Re: CCL:MD/MM combination



 > There seems to be some confusion here with understanding of the
 > equipartition theorm. The classical equipartition theorem assigns a total
 > energy (note not just kinetic energy) of kT/2 per each term in the system's
 > Hamiltonian (momentum or position) that is quadratic. Only for ideal gases
 > is the total energy kinetic, for other molecules this is not true. Also,
 > non quadratic terms will contibute to the energy of the system but not
 > necessarily in the simple kT/2 way. For empirical potential energy
 I don't see the problem.
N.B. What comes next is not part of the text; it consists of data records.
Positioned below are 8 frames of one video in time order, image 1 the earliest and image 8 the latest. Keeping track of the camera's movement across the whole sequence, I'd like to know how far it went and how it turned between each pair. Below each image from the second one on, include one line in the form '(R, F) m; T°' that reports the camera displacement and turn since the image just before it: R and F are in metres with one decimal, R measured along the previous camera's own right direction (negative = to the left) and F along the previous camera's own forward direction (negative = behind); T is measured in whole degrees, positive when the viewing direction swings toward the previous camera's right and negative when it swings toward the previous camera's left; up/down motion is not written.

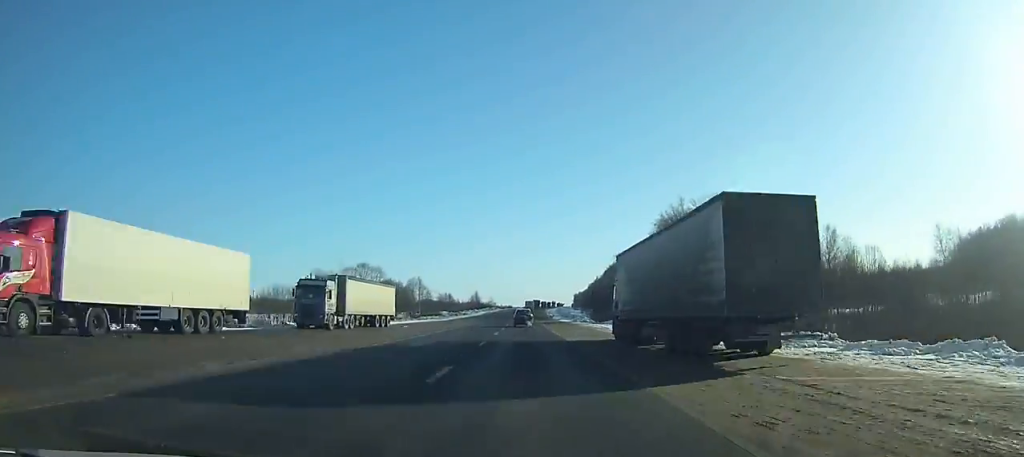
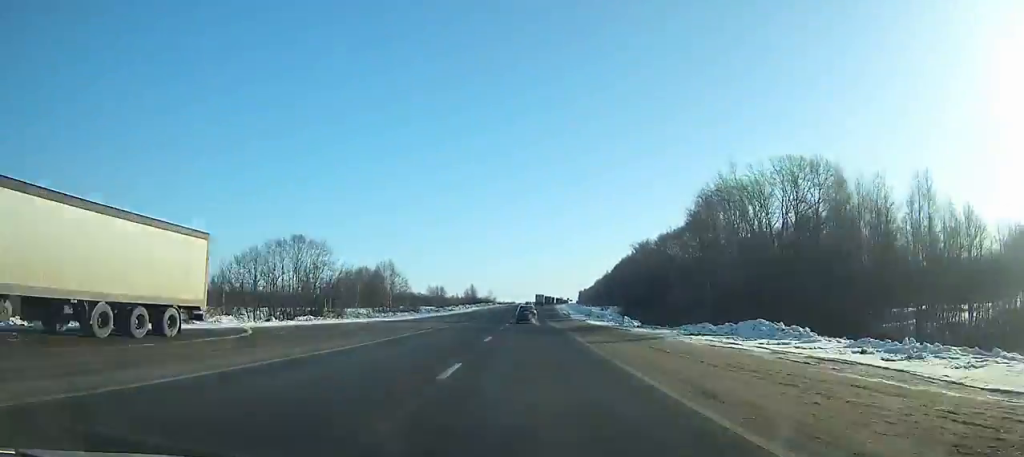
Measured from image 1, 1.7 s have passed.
(-0.4, +35.5) m; 0°
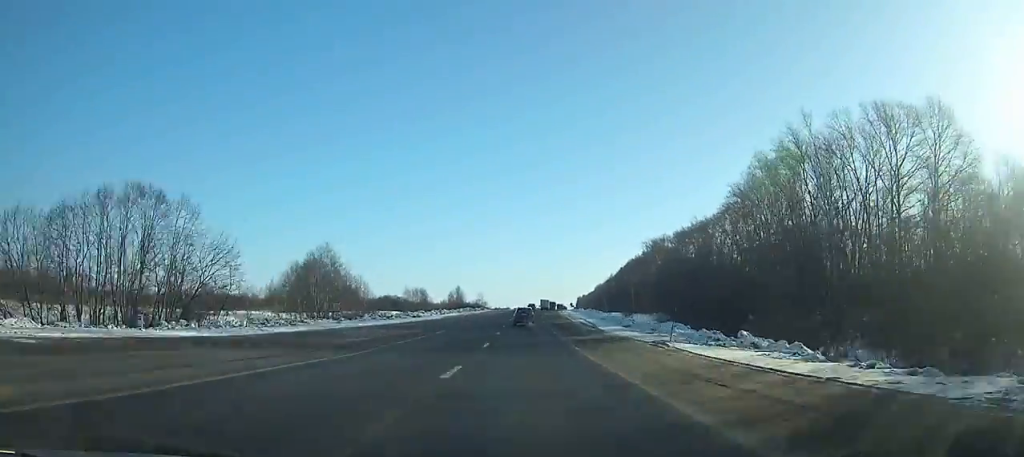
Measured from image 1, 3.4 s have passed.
(-0.1, +35.6) m; 0°
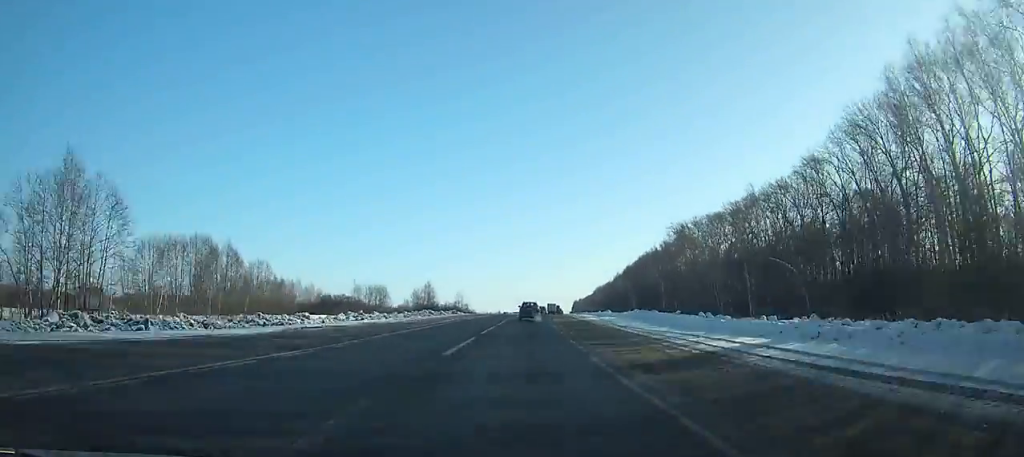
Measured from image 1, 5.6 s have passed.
(-0.1, +46.4) m; +1°
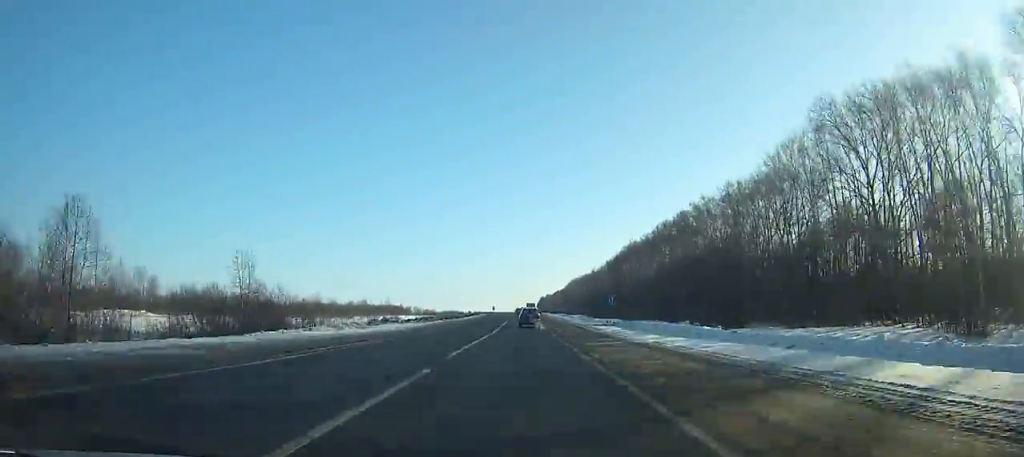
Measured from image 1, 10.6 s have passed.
(+3.2, +108.3) m; +3°
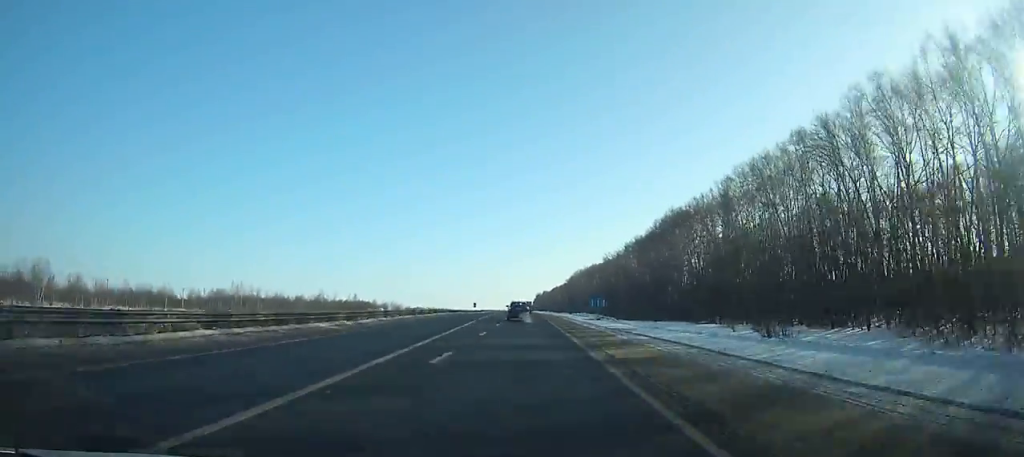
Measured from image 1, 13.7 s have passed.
(+1.0, +69.8) m; +1°
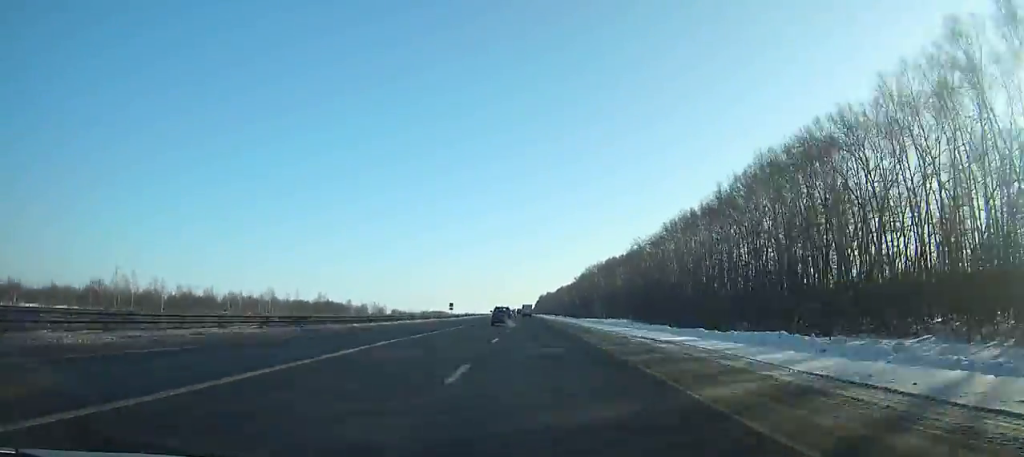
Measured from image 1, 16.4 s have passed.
(0.0, +62.9) m; 0°
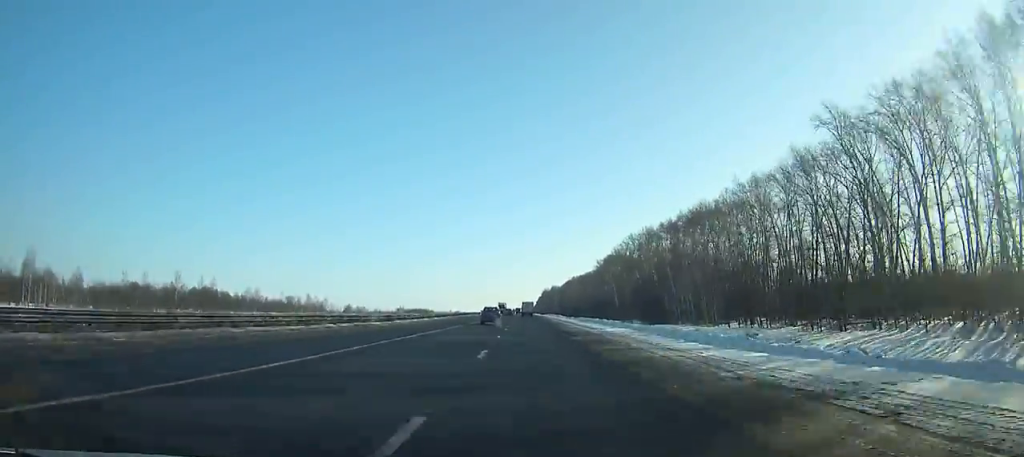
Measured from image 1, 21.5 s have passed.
(+0.3, +124.8) m; 0°

The equipartition theorem says that there
 will be kT/2 of (kinetic) energy for each degree of freedom whose
 momentum enters quadratically into the Hamiltonian, and kT/2 of
 (potential) energy for each degree of freedom whose coordinate enters
 quadratically into the Hamiltonian. The first part remains true even
 if the second part can't be applied. As far as I know, the equipartition
 theorem is used in MD only for the momenta, not for the coordinates.
 The form of the potential energy function is therefore irrelevant.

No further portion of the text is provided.